WORK INSTRUCTION → With the images left out, print all of the records below exactly.

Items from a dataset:
*** Block opens ***
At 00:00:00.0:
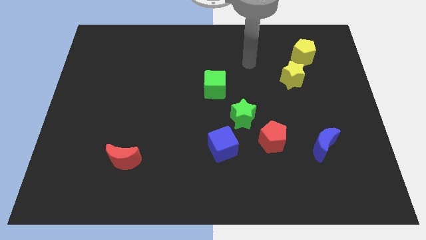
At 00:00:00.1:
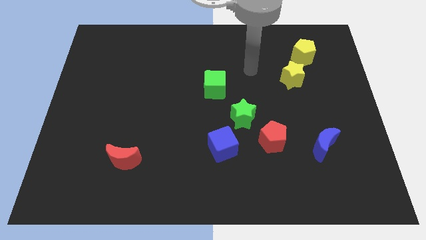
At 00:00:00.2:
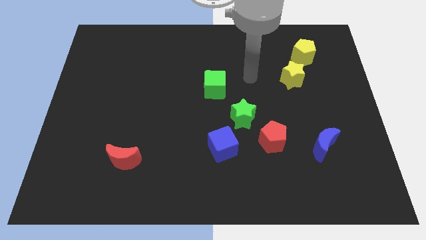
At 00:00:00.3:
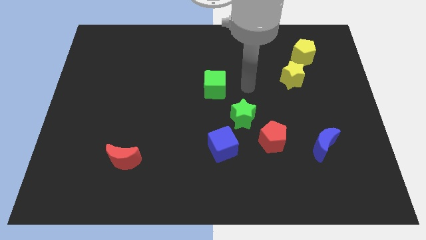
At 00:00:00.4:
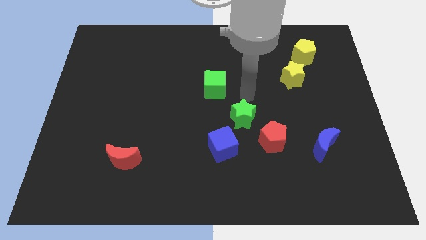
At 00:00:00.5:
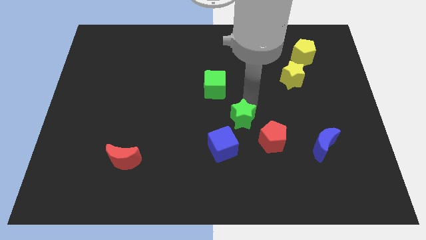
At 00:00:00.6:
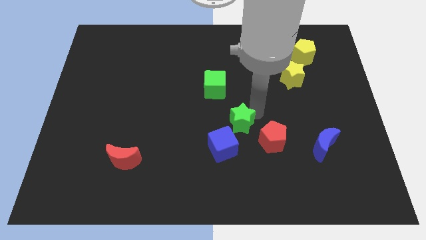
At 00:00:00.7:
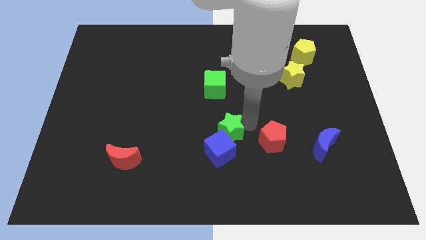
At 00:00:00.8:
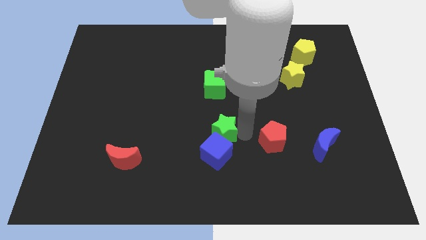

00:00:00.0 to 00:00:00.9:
*** Block closes ***
ANSWER TO THIS EXERCISE →
At 00:00:00.0:
At 00:00:00.1:
At 00:00:00.2:
At 00:00:00.3:
At 00:00:00.4:
At 00:00:00.5:
At 00:00:00.6:
At 00:00:00.7:
At 00:00:00.8:

00:00:00.0 to 00:00:00.9:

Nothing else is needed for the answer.